# Software Version



## Mr R (Mar 1, 2015)

What version of MMI software do people have installed? Just checked mine tonight and it shows the following... (you can find out by hitting Menu, then going to Settings then left button).

Wondering if anything will get updated when its in for its first service in a few weeks time.


----------



## noname (Aug 20, 2015)

139 here... but it depends from TT or TTs, from some optional installed and the build date.. I have not found a logical sense yet!


----------



## Rev (Nov 17, 2015)

0380 - mines a TTS with only paint and hold assist options


----------



## SpaceMunkey (Mar 27, 2016)

Mr R said:


> What version of MMI software do people have installed?


0139 too


----------



## Mr R (Mar 1, 2015)

Interesting replies, thanks people... So the TT has a different version number to the TTS, but what is the option that gives the Gracenote database?


----------



## noname (Aug 20, 2015)

Didn't mean the color ahah but from some other optionals more important because I found TT newer than mine with same firmware and other newer with another firmware so there is somewhere the reason


----------



## moro anis (May 27, 2010)

I've got the Gracenote database on my 2016 TTS Roadster. I'll check it out next weekend if you don't get an answer as I cycle to work.Hopefully someone will reply before then


----------



## Rev (Nov 17, 2015)

ManuTT said:


> Didn't mean the color ahah but from some other optionals more important because I found TT newer than mine with same firmware and other newer with another firmware so there is somewhere the reason


Haha I know, I just didn't want people to think the only option I specced was hold assist :lol:

As for gracenote db, maybe its part of the Audi Sound System? Whatever it is, its standard to the TTS. But looking at the options, there isn't really anything aside from the ASS (  ) that has anything to do with media :?


----------



## gogs (Dec 22, 2010)

0229 on my car

Sent from my fruit device using Tapatalk


----------



## ianle (Apr 2, 2015)

0230 on my TTS


----------



## noname (Aug 20, 2015)

It would be useful write like this
TT or TTs (or TTrs ahaha)
Build date
Software version

So we can have a better idea and bother Audi to update our cars!!


----------



## swanny78 (Oct 14, 2015)

Rev said:


> ManuTT said:
> 
> 
> > Didn't mean the color ahah but from some other optionals more important because I found TT newer than mine with same firmware and other newer with another firmware so there is somewhere the reason
> ...


I believe Gracenote is for Album art and media tags etc ie can read and update media metadata. It used to be used by a number of media apps for PC like Media player etc so could display album art and track listing off CD' mp3 etc

https://en.wikipedia.org/wiki/Gracenote


----------



## Rev (Nov 17, 2015)

swanny78 said:


> Rev said:
> 
> 
> > ManuTT said:
> ...


Poorly worded sorry, I meant I don't know what option it is that it comes with.
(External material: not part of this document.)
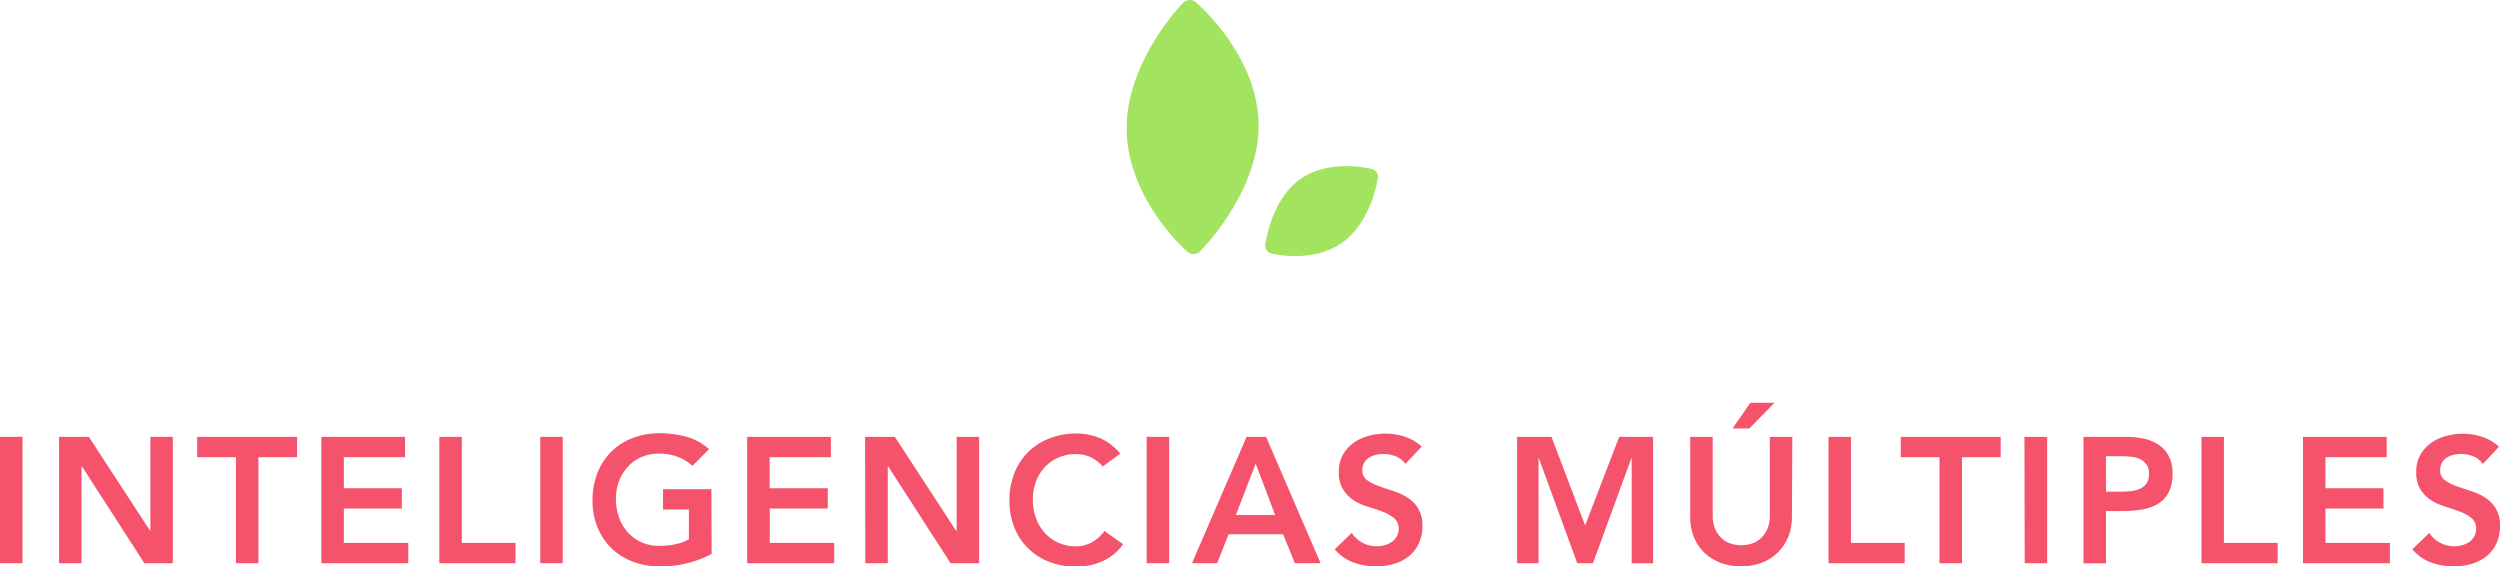 <svg xmlns="http://www.w3.org/2000/svg" viewBox="0 0 504.36 114.27"><defs><style>.cls-1{fill:#a2e35f;}.cls-2{fill:#f5526b;}</style></defs><title>PrimariaRecurso 2</title><g id="Capa_2" data-name="Capa 2"><g id="Capa_1-2" data-name="Capa 1"><path class="cls-1" d="M239.57,50.81a1.82,1.82,0,0,0,1.28.44,2.28,2.28,0,0,0,.51-.09,1.62,1.62,0,0,0,.73-.44c.5-.49,12-12.13,11.83-25.75C253.62,11.1,241.73.86,241.22.43A1.85,1.85,0,0,0,239.93,0a1.87,1.87,0,0,0-1.24.55c-.48.49-11.77,12.28-11.38,26S239.08,50.38,239.57,50.81Z"/><path class="cls-1" d="M256.54,51.15c.33.08,8.34,2,14.24-2.2s7.14-12.68,7.19-13a1.61,1.61,0,0,0,0-.62,1.7,1.7,0,0,0-1.22-1.24c-.35-.09-8.52-2.13-14.5,2.09-5.82,4.2-6.92,12.81-7,13.17A1.69,1.69,0,0,0,256.54,51.15Z"/><path class="cls-2" d="M0,88.13H4.54v25.49H0Z"/><path class="cls-2" d="M11.92,88.13h6l12.35,18.94h.07V88.13h4.53v25.49H29.12L16.52,94.07h-.07v19.55H11.92Z"/><path class="cls-2" d="M47.59,92.24H39.78V88.13H59.94v4.11H52.13v21.38H47.59Z"/><path class="cls-2" d="M64.84,88.13H81.72v4.11H69.37V98.5h11.7v4.1H69.37v6.92h13v4.1H64.84Z"/><path class="cls-2" d="M88.63,88.13h4.54v21.39H104v4.1H88.63Z"/><path class="cls-2" d="M109,88.13h4.53v25.49H109Z"/><path class="cls-2" d="M143.57,111.75A22,22,0,0,1,133,114.27a14.8,14.8,0,0,1-5.42-1,12.25,12.25,0,0,1-4.25-2.7,12.46,12.46,0,0,1-2.79-4.19,14.17,14.17,0,0,1-1-5.44,14.8,14.8,0,0,1,1-5.56,12.46,12.46,0,0,1,2.79-4.26,12.15,12.15,0,0,1,4.25-2.72,14.8,14.8,0,0,1,5.42-1,20.49,20.49,0,0,1,5.47.71,11.16,11.16,0,0,1,4.57,2.5l-3.34,3.38a8.45,8.45,0,0,0-3-1.83,10.39,10.39,0,0,0-3.69-.65,8.81,8.81,0,0,0-3.59.7,8.31,8.31,0,0,0-2.75,1.94,8.86,8.86,0,0,0-1.78,2.9,10,10,0,0,0-.63,3.57,11,11,0,0,0,.63,3.78,8.82,8.82,0,0,0,1.78,3,8.28,8.28,0,0,0,2.75,2,8.65,8.65,0,0,0,3.59.72,15.38,15.38,0,0,0,3.25-.32,9.25,9.25,0,0,0,2.72-1v-6h-5.22v-4.1h9.76Z"/><path class="cls-2" d="M150.73,88.13h16.89v4.11H155.27V98.5H167v4.1h-11.7v6.92h13v4.1H150.73Z"/><path class="cls-2" d="M174.53,88.13h6l12.35,18.94H193V88.13h4.53v25.49h-5.76l-12.6-19.55h-.07v19.55h-4.53Z"/><path class="cls-2" d="M222.48,94.11a7.64,7.64,0,0,0-2.72-2,7.49,7.49,0,0,0-2.65-.5,8.8,8.8,0,0,0-3.58.7,8.31,8.31,0,0,0-2.75,1.94,8.86,8.86,0,0,0-1.78,2.9,10,10,0,0,0-.63,3.57,11,11,0,0,0,.63,3.78,8.82,8.82,0,0,0,1.78,3,8.28,8.28,0,0,0,2.75,2,8.64,8.64,0,0,0,3.58.72,6.58,6.58,0,0,0,3-.73,8.33,8.33,0,0,0,2.72-2.36l3.74,2.66a10.12,10.12,0,0,1-4.21,3.46,13.14,13.14,0,0,1-5.29,1.08,14.8,14.8,0,0,1-5.42-1,12.15,12.15,0,0,1-7-6.89,14.17,14.17,0,0,1-1-5.44,14.8,14.8,0,0,1,1-5.56,12.32,12.32,0,0,1,2.79-4.26,12.15,12.15,0,0,1,4.25-2.72,14.8,14.8,0,0,1,5.42-1,12.4,12.4,0,0,1,4.8.92A11.19,11.19,0,0,1,226,91.52Z"/><path class="cls-2" d="M231.33,88.13h4.54v25.49h-4.54Z"/><path class="cls-2" d="M251.49,88.13h3.93l11,25.49h-5.19l-2.37-5.83h-11l-2.31,5.83h-5.07Zm5.76,15.77-3.92-10.37-4,10.37Z"/><path class="cls-2" d="M283.53,93.6a4.27,4.27,0,0,0-1.92-1.53,6.83,6.83,0,0,0-2.54-.48,6.41,6.41,0,0,0-1.53.18,4.18,4.18,0,0,0-1.33.57,3.05,3.05,0,0,0-1,1,3,3,0,0,0-.35,1.49,2.31,2.31,0,0,0,.89,2A8.57,8.57,0,0,0,278,98c.88.34,1.86.66,2.91,1a12.24,12.24,0,0,1,2.92,1.3,7.09,7.09,0,0,1,2.23,2.2,6.5,6.5,0,0,1,.9,3.63,7.9,7.9,0,0,1-.76,3.58,7.26,7.26,0,0,1-2,2.54,8.68,8.68,0,0,1-3,1.51,12.31,12.31,0,0,1-3.56.51,13.51,13.51,0,0,1-4.57-.79,8.84,8.84,0,0,1-3.79-2.67l3.42-3.31a5.8,5.8,0,0,0,2.18,2,6.11,6.11,0,0,0,2.86.7,6.2,6.2,0,0,0,1.59-.21,5,5,0,0,0,1.44-.65,3.32,3.32,0,0,0,1-1.1,2.86,2.86,0,0,0,.4-1.53,2.68,2.68,0,0,0-.9-2.16,8.21,8.21,0,0,0-2.23-1.28c-.89-.34-1.86-.67-2.92-1a12.18,12.18,0,0,1-2.92-1.27A7.17,7.17,0,0,1,271,98.81a6.45,6.45,0,0,1-.9-3.62,6.87,6.87,0,0,1,.81-3.42,7.44,7.44,0,0,1,2.13-2.4,9.24,9.24,0,0,1,3-1.42,13,13,0,0,1,3.46-.47,12.48,12.48,0,0,1,3.9.62,9.06,9.06,0,0,1,3.41,2Z"/><path class="cls-2" d="M306.07,88.13H313L319.79,106l6.87-17.86h6.84v25.49h-4.32V92.45h-.07l-7.74,21.17H318.2l-7.74-21.17h-.07v21.17h-4.32Z"/><path class="cls-2" d="M361.51,104.26a10.64,10.64,0,0,1-.79,4.16,9.5,9.5,0,0,1-2.16,3.15,9.66,9.66,0,0,1-3.24,2,12.18,12.18,0,0,1-8.14,0,9.85,9.85,0,0,1-3.26-2,9.21,9.21,0,0,1-2.16-3.15,10.82,10.82,0,0,1-.77-4.16V88.13h4.54v16a7.36,7.36,0,0,0,.28,2,5.64,5.64,0,0,0,1,1.89,5.1,5.1,0,0,0,1.76,1.42,6.89,6.89,0,0,0,5.44,0,5.1,5.1,0,0,0,1.76-1.42,5.64,5.64,0,0,0,1-1.89,7.36,7.36,0,0,0,.28-2v-16h4.54Zm-8.39-23H358l-5.08,5.18h-3.38Z"/><path class="cls-2" d="M368.89,88.13h4.53v21.39h10.84v4.1H368.89Z"/><path class="cls-2" d="M391.28,92.24h-7.81V88.13h20.16v4.11h-7.81v21.38h-4.54Z"/><path class="cls-2" d="M408.42,88.13H413v25.49h-4.53Z"/><path class="cls-2" d="M420.33,88.13h8.57a17.24,17.24,0,0,1,3.55.36,8.56,8.56,0,0,1,3,1.21A6,6,0,0,1,437.52,92a7.27,7.27,0,0,1,.78,3.54,7.94,7.94,0,0,1-.83,3.89,6,6,0,0,1-2.23,2.29,9.36,9.36,0,0,1-3.26,1.09,24.3,24.3,0,0,1-3.87.29h-3.24v10.55h-4.54Zm7.27,11.05c.65,0,1.32,0,2-.07a6.26,6.26,0,0,0,1.93-.43A3.52,3.52,0,0,0,433,97.6a3.24,3.24,0,0,0,.55-2,3.16,3.16,0,0,0-.5-1.89,3.51,3.51,0,0,0-1.3-1.08,5.37,5.37,0,0,0-1.76-.48,17.48,17.48,0,0,0-1.87-.11h-3.24v7.16Z"/><path class="cls-2" d="M444.13,88.13h4.53v21.39H459.5v4.1H444.13Z"/><path class="cls-2" d="M464.61,88.13H481.5v4.11H469.15V98.5h11.7v4.1h-11.7v6.92h13v4.1H464.61Z"/><path class="cls-2" d="M500.9,93.6A4.24,4.24,0,0,0,499,92.07a6.77,6.77,0,0,0-2.53-.48,6.41,6.41,0,0,0-1.53.18,4.24,4.24,0,0,0-1.34.57,3.13,3.13,0,0,0-.95,1,3,3,0,0,0-.36,1.49,2.32,2.32,0,0,0,.9,2A8.5,8.5,0,0,0,495.39,98c.89.34,1.86.66,2.92,1a12.17,12.17,0,0,1,2.91,1.3,7.12,7.12,0,0,1,2.24,2.2,6.5,6.5,0,0,1,.9,3.63,8,8,0,0,1-.76,3.58,7.26,7.26,0,0,1-2,2.54,8.87,8.87,0,0,1-3,1.51,12.32,12.32,0,0,1-3.57.51,13.56,13.56,0,0,1-4.57-.79,8.87,8.87,0,0,1-3.78-2.67l3.42-3.31a5.72,5.72,0,0,0,2.18,2,6.14,6.14,0,0,0,4.44.49,5,5,0,0,0,1.44-.65,3.35,3.35,0,0,0,1-1.1,3,3,0,0,0,.39-1.53,2.68,2.68,0,0,0-.9-2.16,8.06,8.06,0,0,0-2.23-1.28q-1.34-.51-2.91-1a12.18,12.18,0,0,1-2.92-1.27,7.06,7.06,0,0,1-2.23-2.16,6.45,6.45,0,0,1-.9-3.62,6.87,6.87,0,0,1,.81-3.42,7.53,7.53,0,0,1,2.12-2.4,9.39,9.39,0,0,1,3-1.42,13,13,0,0,1,3.45-.47,12.55,12.55,0,0,1,3.91.62,9,9,0,0,1,3.4,2Z"/></g></g></svg>

Maybe its just because mine is a later build date and has newer software, and doesn't have anything to do with options selected?


----------



## tommyknocker (Feb 10, 2012)

0229 here as well.

Tts produced july2015.

a guy on another forum went on Audi to update software, had a tts, earlier firmware than mine with no drive select indication under the gear. After the update ... no changes whatsoever, same version indicated on the mmi, no notable changes on the mmi eather. Audi paperwork was clear: software update. Unother user updated a tt and has been told that Audi service connects the car to a server that check if any update is due, apparently the update is tailored on the singular car depending from the options installed.


----------



## ttsroadsternewbie (Feb 13, 2016)

0413 here - TTS Roadster March 2016 with all three option packs.

Do the roadsters have different version numbers from the coupes? Anyone else have an 04xx version?


----------



## noname (Aug 20, 2015)

Tommy you are 184 behind! Ahahah


----------